Content starts

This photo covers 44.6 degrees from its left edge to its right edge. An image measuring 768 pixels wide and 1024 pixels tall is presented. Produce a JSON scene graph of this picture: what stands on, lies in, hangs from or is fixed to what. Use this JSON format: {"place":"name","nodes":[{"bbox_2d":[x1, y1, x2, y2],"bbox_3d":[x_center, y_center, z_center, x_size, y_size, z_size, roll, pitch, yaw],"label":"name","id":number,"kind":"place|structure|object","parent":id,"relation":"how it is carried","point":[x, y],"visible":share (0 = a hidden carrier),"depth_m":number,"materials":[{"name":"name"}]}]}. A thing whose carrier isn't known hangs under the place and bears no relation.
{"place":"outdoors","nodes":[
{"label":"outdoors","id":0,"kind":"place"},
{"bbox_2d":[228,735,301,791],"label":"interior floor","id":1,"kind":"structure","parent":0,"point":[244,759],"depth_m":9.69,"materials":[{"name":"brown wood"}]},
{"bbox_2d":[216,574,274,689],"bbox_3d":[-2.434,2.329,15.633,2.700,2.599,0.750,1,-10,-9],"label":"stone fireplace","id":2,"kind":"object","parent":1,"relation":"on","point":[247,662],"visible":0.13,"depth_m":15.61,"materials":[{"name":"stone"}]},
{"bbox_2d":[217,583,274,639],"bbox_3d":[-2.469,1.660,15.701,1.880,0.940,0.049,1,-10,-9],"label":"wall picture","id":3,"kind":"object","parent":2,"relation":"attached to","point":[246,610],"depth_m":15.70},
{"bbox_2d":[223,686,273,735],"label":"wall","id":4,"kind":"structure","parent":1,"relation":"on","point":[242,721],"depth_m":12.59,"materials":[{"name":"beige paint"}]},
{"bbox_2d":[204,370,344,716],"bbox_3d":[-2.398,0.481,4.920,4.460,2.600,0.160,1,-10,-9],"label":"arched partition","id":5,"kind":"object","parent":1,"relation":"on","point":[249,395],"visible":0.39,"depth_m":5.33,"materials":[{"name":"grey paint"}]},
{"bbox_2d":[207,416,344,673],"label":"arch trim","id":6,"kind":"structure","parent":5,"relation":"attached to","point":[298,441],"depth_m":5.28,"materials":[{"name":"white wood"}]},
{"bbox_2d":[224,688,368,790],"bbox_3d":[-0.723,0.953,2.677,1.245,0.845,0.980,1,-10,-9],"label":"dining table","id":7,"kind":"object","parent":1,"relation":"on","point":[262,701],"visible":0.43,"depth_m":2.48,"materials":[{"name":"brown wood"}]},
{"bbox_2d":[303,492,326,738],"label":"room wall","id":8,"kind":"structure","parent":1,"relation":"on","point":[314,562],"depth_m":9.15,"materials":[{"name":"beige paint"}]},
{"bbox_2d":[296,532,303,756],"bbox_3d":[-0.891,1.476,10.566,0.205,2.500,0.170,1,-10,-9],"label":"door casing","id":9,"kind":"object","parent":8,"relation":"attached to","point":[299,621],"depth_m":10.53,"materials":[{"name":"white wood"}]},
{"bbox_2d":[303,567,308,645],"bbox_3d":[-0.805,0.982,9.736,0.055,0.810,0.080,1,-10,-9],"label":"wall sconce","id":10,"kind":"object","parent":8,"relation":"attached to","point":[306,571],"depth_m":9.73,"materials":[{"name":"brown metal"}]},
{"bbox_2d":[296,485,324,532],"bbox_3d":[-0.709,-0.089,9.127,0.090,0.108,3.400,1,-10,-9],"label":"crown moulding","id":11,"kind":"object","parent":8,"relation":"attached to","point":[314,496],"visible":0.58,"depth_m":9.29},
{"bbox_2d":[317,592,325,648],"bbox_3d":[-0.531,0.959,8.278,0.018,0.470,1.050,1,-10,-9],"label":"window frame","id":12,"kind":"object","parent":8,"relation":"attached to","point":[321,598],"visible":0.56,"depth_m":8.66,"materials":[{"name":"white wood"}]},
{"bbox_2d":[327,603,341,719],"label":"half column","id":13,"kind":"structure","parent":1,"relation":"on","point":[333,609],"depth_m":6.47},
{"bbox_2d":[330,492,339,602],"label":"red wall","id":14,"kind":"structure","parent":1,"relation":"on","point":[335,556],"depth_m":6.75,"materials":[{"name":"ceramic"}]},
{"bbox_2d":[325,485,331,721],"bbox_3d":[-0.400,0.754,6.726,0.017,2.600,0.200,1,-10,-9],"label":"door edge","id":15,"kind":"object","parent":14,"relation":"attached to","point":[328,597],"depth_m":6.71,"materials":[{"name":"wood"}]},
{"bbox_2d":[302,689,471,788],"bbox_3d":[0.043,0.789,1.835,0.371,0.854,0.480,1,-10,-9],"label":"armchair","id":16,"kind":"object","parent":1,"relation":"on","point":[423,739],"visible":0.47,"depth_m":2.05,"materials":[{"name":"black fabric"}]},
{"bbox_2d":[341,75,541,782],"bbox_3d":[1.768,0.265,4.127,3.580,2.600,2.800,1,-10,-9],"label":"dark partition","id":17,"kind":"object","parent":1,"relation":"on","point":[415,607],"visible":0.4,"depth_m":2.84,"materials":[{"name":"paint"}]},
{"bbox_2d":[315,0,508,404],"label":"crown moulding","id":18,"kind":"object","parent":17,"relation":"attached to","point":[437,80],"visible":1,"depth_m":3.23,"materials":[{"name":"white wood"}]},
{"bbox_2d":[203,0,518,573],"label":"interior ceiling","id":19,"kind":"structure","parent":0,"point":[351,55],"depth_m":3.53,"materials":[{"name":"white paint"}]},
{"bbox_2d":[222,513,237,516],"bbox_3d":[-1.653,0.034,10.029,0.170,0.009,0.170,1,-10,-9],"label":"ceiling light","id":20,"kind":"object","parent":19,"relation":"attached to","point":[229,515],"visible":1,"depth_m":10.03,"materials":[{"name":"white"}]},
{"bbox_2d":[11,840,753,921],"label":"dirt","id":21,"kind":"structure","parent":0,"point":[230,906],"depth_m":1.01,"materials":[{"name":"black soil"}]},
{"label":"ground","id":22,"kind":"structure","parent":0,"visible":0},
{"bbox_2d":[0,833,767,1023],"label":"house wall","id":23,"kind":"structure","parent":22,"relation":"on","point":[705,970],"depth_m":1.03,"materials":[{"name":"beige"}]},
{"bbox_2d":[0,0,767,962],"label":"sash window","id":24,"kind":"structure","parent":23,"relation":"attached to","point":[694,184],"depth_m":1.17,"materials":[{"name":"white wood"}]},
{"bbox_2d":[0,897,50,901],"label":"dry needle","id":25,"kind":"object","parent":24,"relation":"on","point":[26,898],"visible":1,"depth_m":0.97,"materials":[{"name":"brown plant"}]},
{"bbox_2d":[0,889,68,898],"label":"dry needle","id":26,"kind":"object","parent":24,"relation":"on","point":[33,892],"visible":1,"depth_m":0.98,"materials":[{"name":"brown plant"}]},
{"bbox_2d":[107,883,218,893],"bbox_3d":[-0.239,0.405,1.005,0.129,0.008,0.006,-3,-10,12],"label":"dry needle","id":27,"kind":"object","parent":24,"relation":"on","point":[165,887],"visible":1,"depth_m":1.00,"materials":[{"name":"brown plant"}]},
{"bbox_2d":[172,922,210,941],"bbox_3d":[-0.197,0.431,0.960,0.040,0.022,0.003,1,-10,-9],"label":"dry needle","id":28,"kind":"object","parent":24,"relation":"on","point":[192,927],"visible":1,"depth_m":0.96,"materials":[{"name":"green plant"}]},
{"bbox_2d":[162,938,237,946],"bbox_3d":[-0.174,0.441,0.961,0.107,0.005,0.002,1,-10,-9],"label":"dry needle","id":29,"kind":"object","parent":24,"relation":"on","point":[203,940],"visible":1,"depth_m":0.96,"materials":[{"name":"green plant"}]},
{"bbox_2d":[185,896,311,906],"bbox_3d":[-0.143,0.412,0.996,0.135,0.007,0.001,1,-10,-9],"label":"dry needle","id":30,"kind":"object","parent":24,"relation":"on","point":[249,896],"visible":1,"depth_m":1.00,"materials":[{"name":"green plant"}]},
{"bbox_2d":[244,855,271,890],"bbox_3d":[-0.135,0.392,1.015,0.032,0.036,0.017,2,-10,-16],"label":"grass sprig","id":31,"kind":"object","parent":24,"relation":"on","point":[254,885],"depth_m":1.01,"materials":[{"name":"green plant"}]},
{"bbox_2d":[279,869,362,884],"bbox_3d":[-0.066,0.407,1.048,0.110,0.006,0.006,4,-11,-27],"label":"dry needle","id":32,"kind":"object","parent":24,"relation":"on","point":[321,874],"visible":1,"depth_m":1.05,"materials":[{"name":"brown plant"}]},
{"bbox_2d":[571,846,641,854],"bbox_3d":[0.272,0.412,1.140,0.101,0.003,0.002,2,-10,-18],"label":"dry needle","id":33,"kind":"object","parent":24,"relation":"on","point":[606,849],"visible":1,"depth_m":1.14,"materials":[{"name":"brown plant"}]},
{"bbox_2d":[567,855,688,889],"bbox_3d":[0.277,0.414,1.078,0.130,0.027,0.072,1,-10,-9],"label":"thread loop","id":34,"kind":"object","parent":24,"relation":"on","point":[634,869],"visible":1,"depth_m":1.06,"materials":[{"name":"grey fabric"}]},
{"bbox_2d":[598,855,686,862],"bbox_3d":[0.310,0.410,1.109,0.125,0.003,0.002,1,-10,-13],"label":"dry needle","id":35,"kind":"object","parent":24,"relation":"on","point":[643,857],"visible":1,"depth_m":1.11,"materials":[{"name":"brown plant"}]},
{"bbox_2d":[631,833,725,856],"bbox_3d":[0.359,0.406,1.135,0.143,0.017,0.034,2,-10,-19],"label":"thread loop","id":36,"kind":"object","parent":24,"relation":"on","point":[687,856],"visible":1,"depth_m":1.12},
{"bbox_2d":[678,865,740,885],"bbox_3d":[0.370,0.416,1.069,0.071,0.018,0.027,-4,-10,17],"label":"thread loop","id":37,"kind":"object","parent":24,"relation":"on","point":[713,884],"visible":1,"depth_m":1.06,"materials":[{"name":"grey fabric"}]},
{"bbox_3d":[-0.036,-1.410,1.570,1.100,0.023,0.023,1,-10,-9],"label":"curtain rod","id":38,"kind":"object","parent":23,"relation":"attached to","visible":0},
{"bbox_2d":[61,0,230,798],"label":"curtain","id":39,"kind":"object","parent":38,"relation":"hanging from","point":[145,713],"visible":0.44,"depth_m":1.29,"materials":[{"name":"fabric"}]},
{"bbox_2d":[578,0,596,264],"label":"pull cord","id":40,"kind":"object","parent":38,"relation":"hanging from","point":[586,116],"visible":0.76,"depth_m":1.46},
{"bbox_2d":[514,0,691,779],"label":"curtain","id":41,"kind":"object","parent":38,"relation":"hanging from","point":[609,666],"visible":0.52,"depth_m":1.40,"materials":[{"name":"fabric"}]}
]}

Content ends

Your job is to return all lines above that hold the word "black".

→ Response to the task
{"bbox_2d":[302,689,471,788],"bbox_3d":[0.043,0.789,1.835,0.371,0.854,0.480,1,-10,-9],"label":"armchair","id":16,"kind":"object","parent":1,"relation":"on","point":[423,739],"visible":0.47,"depth_m":2.05,"materials":[{"name":"black fabric"}]},
{"bbox_2d":[11,840,753,921],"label":"dirt","id":21,"kind":"structure","parent":0,"point":[230,906],"depth_m":1.01,"materials":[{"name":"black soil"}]},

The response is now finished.